-------- SUPPLIED INFORMATION --------
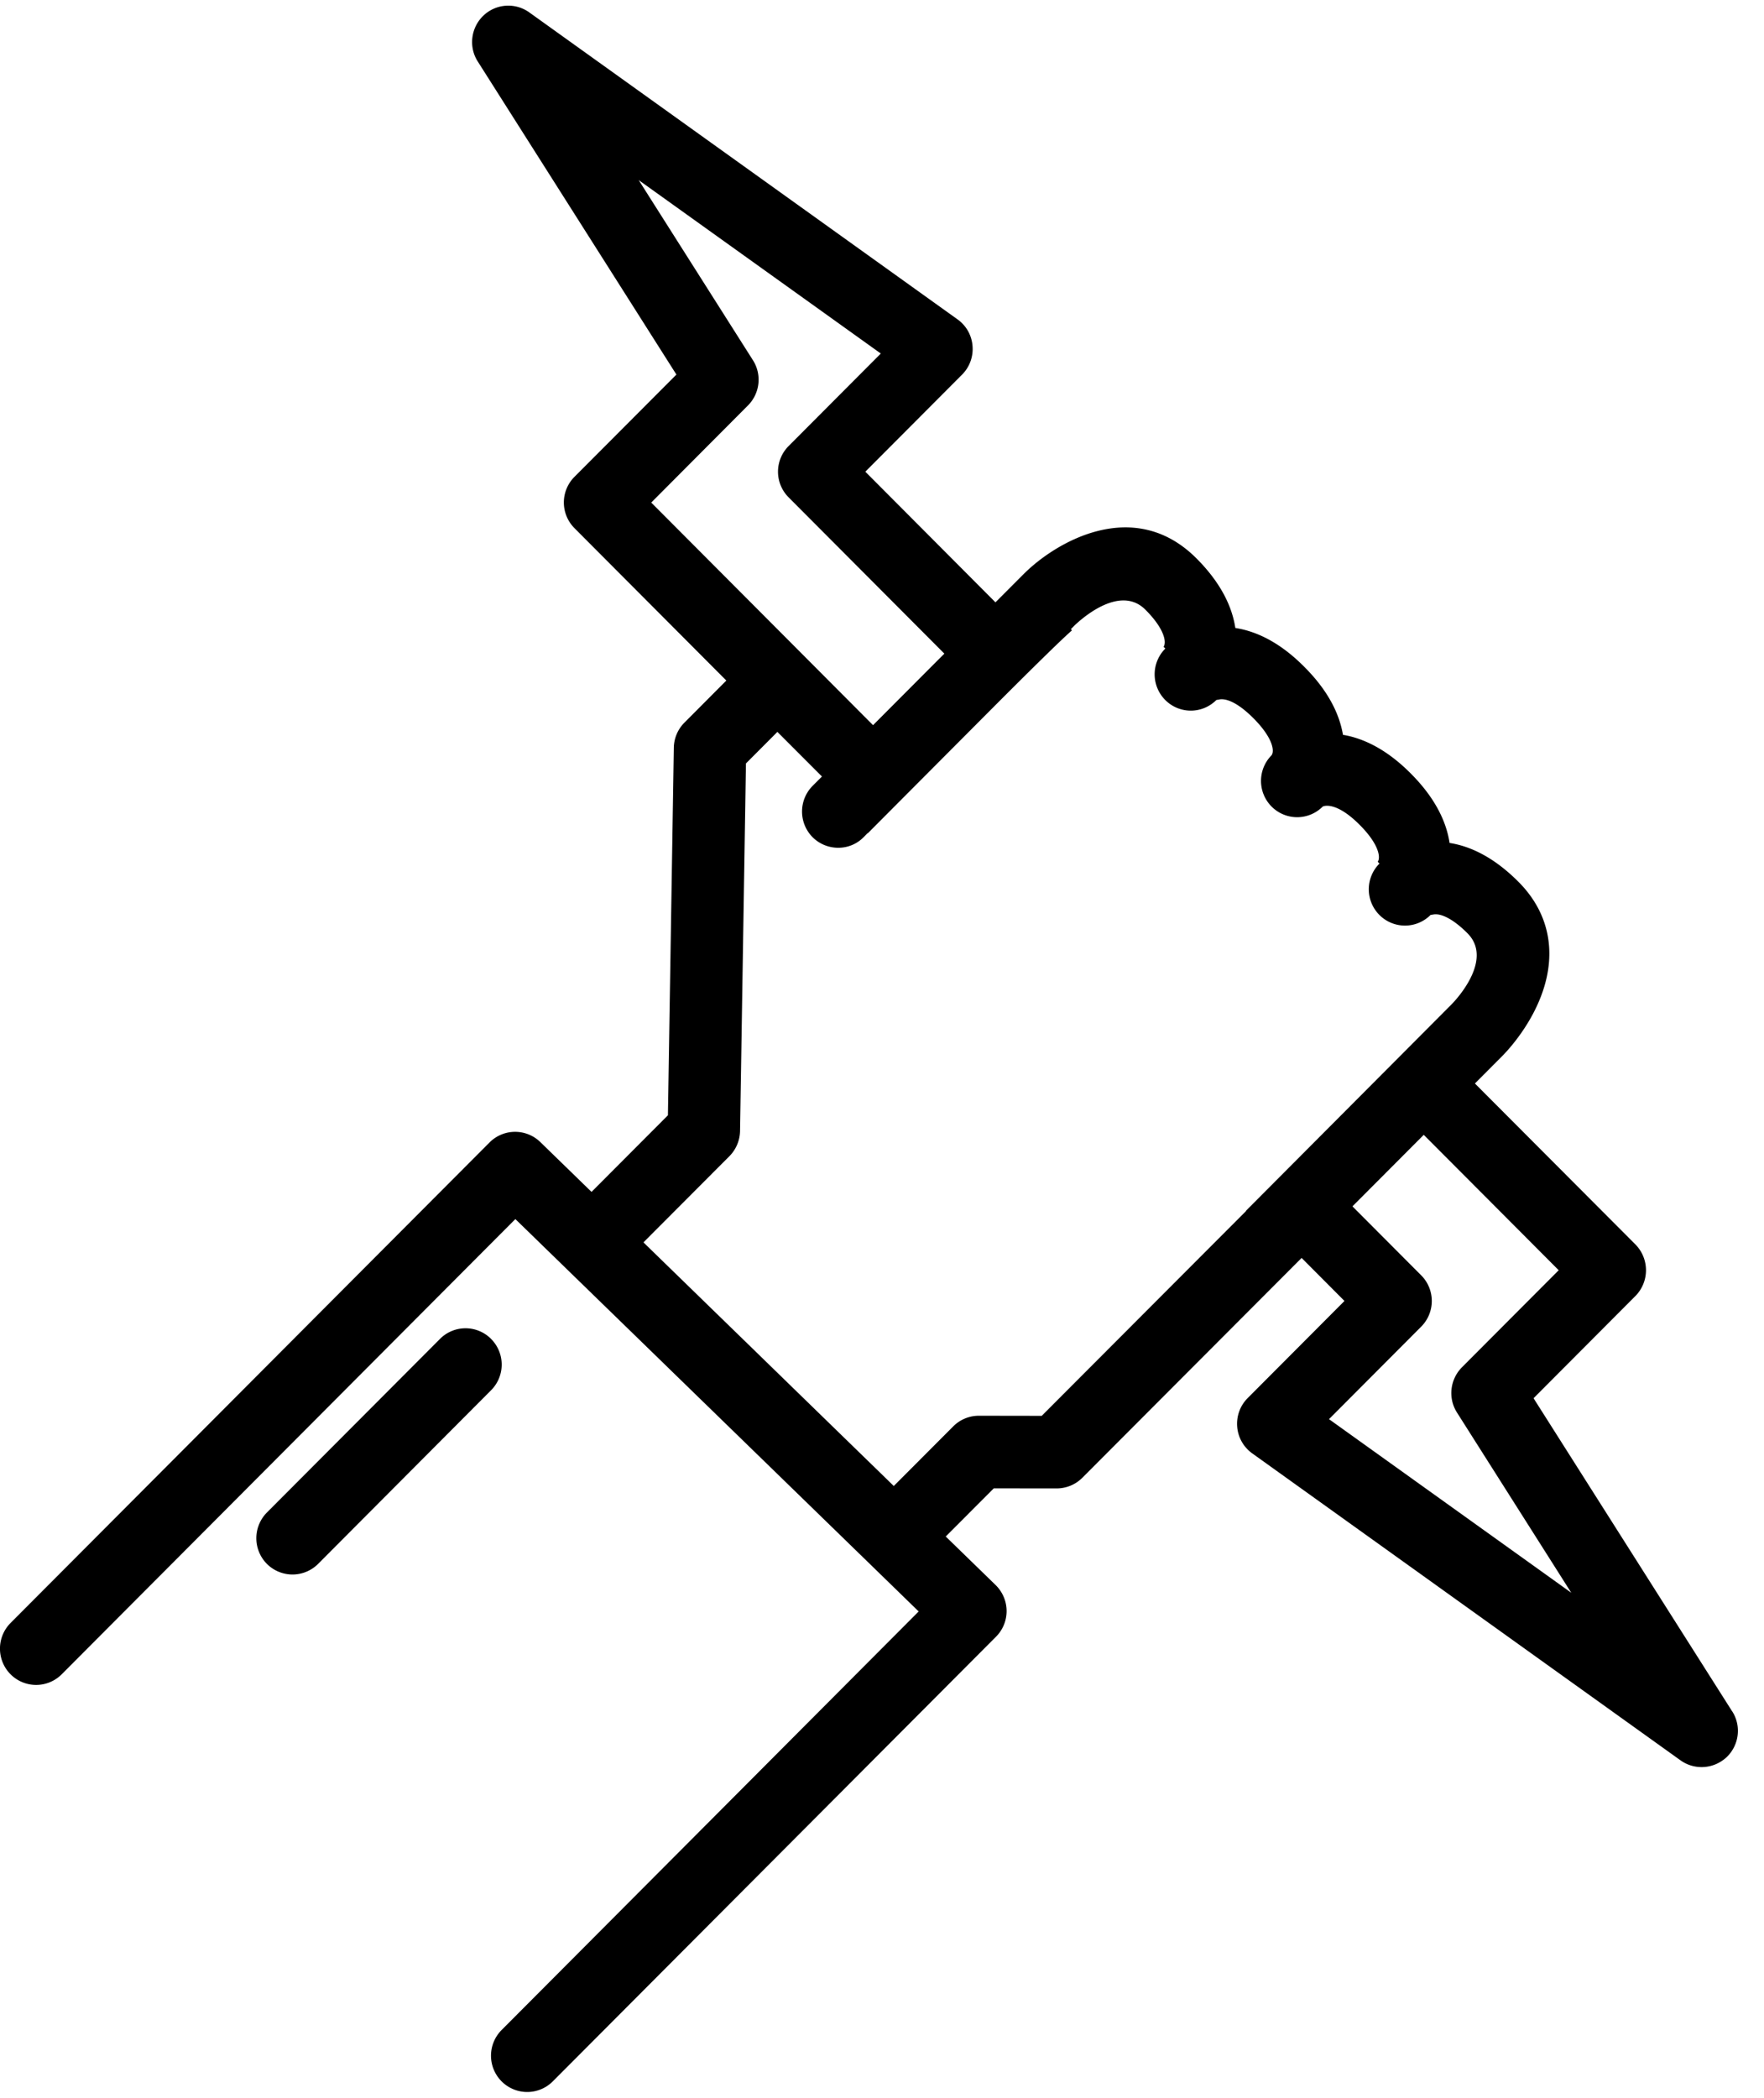 <svg xmlns="http://www.w3.org/2000/svg" width="53" height="63" viewBox="0 0 53 63">
    <g fill="#000" fill-rule="evenodd">
        <path d="M39.93 42.62l2.771-2.779a1.092 1.092 0 0 0 0-1.54l-2.066-2.072 2.142-2.148 4.055 4.066-2.91 2.918c-.358.364-.42.926-.146 1.357l3.433 5.411-7.278-5.213zm-8.632-.1l-1.885-.003h-.003c-.289 0-.566.114-.77.32l-1.786 1.79-7.521-7.316 2.584-2.59c.197-.2.312-.469.318-.753l.177-11.04.945-.948 1.339 1.34-.281.281a1.095 1.095 0 0 0 0 1.542c.213.212.493.317.77.317.278 0 .555-.105.768-.323l.105-.107c.007-.006.017-.008.025-.015l.917-.921.003-.001c0-.001 0-.003.002-.004l2.753-2.762c2.023-2.03 2.395-2.35 2.448-2.394l-.029-.04.107-.109c.138-.13 1.34-1.265 2.13-.474.582.582.638.985.546 1.113l.054.055-.004.002a1.093 1.093 0 0 0 0 1.542 1.082 1.082 0 0 0 1.536 0s.095-.015.105-.019c.255-.033.618.174 1.008.566.583.585.64.985.546 1.111v.002a1.092 1.092 0 0 0 0 1.54 1.083 1.083 0 0 0 1.537 0c.008-.005.374-.187 1.109.549.58.58.636.982.543 1.11l.054.053-.003.002a1.091 1.091 0 0 0 0 1.542 1.084 1.084 0 0 0 1.536 0s.094-.014.104-.017c.247-.031.615.174 1.005.566.79.79-.342 1.997-.47 2.128l-6.174 6.196c-.009.008-.011.022-.02.031l-6.128 6.139zm-8.824-30.345c.36-.363.422-.926.149-1.356l-3.433-5.41 7.274 5.208-2.77 2.779a1.09 1.09 0 0 0 0 1.54l4.68 4.694-.155.154-1.988 1.994-6.664-6.685 2.907-2.918zm29.57 39.221l-5.968-9.405 3.063-3.072a1.103 1.103 0 0 0 0-1.544l-4.825-4.836.84-.843c.068-.07.672-.686 1.058-1.564.604-1.365.394-2.662-.587-3.647-.767-.77-1.482-1.078-2.072-1.17-.09-.594-.395-1.313-1.166-2.086-.725-.729-1.423-1.058-2.037-1.161-.1-.585-.408-1.288-1.16-2.04-.767-.773-1.483-1.077-2.074-1.169-.09-.594-.395-1.314-1.166-2.088-1.867-1.871-4.217-.51-5.198.473l-.843.845-3.91-3.923 2.908-2.917c.226-.226.34-.542.313-.86a1.08 1.08 0 0 0-.45-.797L15.902.372a1.083 1.083 0 0 0-1.378.097c-.376.36-.45.938-.17 1.377l5.969 9.403-3.062 3.07a1.091 1.091 0 0 0 0 1.543l4.562 4.576-1.26 1.265a1.092 1.092 0 0 0-.318.751l-.177 11.04-2.295 2.301-1.54-1.498a1.086 1.086 0 0 0-1.524.012L.317 48.741a1.093 1.093 0 0 0 0 1.541 1.085 1.085 0 0 0 1.537 0l13.63-13.671 12.118 11.784L15.07 60.966a1.092 1.092 0 0 0 0 1.54 1.086 1.086 0 0 0 1.54 0l13.316-13.353c.204-.205.32-.485.318-.777a1.098 1.098 0 0 0-.332-.776l-1.497-1.456 1.443-1.446 1.884.002h.004c.287 0 .566-.113.77-.317l6.592-6.605 1.287 1.292-2.909 2.918c-.226.226-.34.541-.314.86.025.32.19.61.45.798l12.874 9.223c.189.134.41.2.63.2.27 0 .537-.101.75-.297.377-.361.45-.936.17-1.376z"/>
        <path d="M14.755 40.21a1.082 1.082 0 0 0-1.536 0l-5.2 5.214a1.095 1.095 0 0 0 0 1.542 1.088 1.088 0 0 0 1.539 0l5.197-5.215a1.09 1.09 0 0 0 0-1.54"/>
    </g>
</svg>
--------
TASK REQUIREMENTS:
Transcribe all of the lines above exactly as given. The pictures stay out.

EXERCISE RESULT:
 <svg xmlns="http://www.w3.org/2000/svg" width="53" height="63" viewBox="0 0 53 63">
    <g fill="#000" fill-rule="evenodd">
        <path d="M39.93 42.62l2.771-2.779a1.092 1.092 0 0 0 0-1.54l-2.066-2.072 2.142-2.148 4.055 4.066-2.91 2.918c-.358.364-.42.926-.146 1.357l3.433 5.411-7.278-5.213zm-8.632-.1l-1.885-.003h-.003c-.289 0-.566.114-.77.32l-1.786 1.79-7.521-7.316 2.584-2.59c.197-.2.312-.469.318-.753l.177-11.04.945-.948 1.339 1.34-.281.281a1.095 1.095 0 0 0 0 1.542c.213.212.493.317.77.317.278 0 .555-.105.768-.323l.105-.107c.007-.006.017-.008.025-.015l.917-.921.003-.001c0-.001 0-.003.002-.004l2.753-2.762c2.023-2.03 2.395-2.35 2.448-2.394l-.029-.04.107-.109c.138-.13 1.34-1.265 2.13-.474.582.582.638.985.546 1.113l.054.055-.004.002a1.093 1.093 0 0 0 0 1.542 1.082 1.082 0 0 0 1.536 0s.095-.015.105-.019c.255-.033.618.174 1.008.566.583.585.64.985.546 1.111v.002a1.092 1.092 0 0 0 0 1.54 1.083 1.083 0 0 0 1.537 0c.008-.005.374-.187 1.109.549.58.58.636.982.543 1.11l.054.053-.003.002a1.091 1.091 0 0 0 0 1.542 1.084 1.084 0 0 0 1.536 0s.094-.014.104-.017c.247-.031.615.174 1.005.566.79.79-.342 1.997-.47 2.128l-6.174 6.196c-.009.008-.011.022-.02.031l-6.128 6.139zm-8.824-30.345c.36-.363.422-.926.149-1.356l-3.433-5.41 7.274 5.208-2.77 2.779a1.09 1.09 0 0 0 0 1.54l4.68 4.694-.155.154-1.988 1.994-6.664-6.685 2.907-2.918zm29.57 39.221l-5.968-9.405 3.063-3.072a1.103 1.103 0 0 0 0-1.544l-4.825-4.836.84-.843c.068-.07.672-.686 1.058-1.564.604-1.365.394-2.662-.587-3.647-.767-.77-1.482-1.078-2.072-1.17-.09-.594-.395-1.313-1.166-2.086-.725-.729-1.423-1.058-2.037-1.161-.1-.585-.408-1.288-1.16-2.04-.767-.773-1.483-1.077-2.074-1.169-.09-.594-.395-1.314-1.166-2.088-1.867-1.871-4.217-.51-5.198.473l-.843.845-3.91-3.923 2.908-2.917c.226-.226.34-.542.313-.86a1.08 1.08 0 0 0-.45-.797L15.902.372a1.083 1.083 0 0 0-1.378.097c-.376.36-.45.938-.17 1.377l5.969 9.403-3.062 3.07a1.091 1.091 0 0 0 0 1.543l4.562 4.576-1.26 1.265a1.092 1.092 0 0 0-.318.751l-.177 11.04-2.295 2.301-1.54-1.498a1.086 1.086 0 0 0-1.524.012L.317 48.741a1.093 1.093 0 0 0 0 1.541 1.085 1.085 0 0 0 1.537 0l13.63-13.671 12.118 11.784L15.07 60.966a1.092 1.092 0 0 0 0 1.54 1.086 1.086 0 0 0 1.54 0l13.316-13.353c.204-.205.32-.485.318-.777a1.098 1.098 0 0 0-.332-.776l-1.497-1.456 1.443-1.446 1.884.002h.004c.287 0 .566-.113.77-.317l6.592-6.605 1.287 1.292-2.909 2.918c-.226.226-.34.541-.314.86.025.32.19.61.45.798l12.874 9.223c.189.134.41.2.63.2.27 0 .537-.101.75-.297.377-.361.45-.936.17-1.376z"/>
        <path d="M14.755 40.21a1.082 1.082 0 0 0-1.536 0l-5.2 5.214a1.095 1.095 0 0 0 0 1.542 1.088 1.088 0 0 0 1.539 0l5.197-5.215a1.09 1.09 0 0 0 0-1.54"/>
    </g>
</svg>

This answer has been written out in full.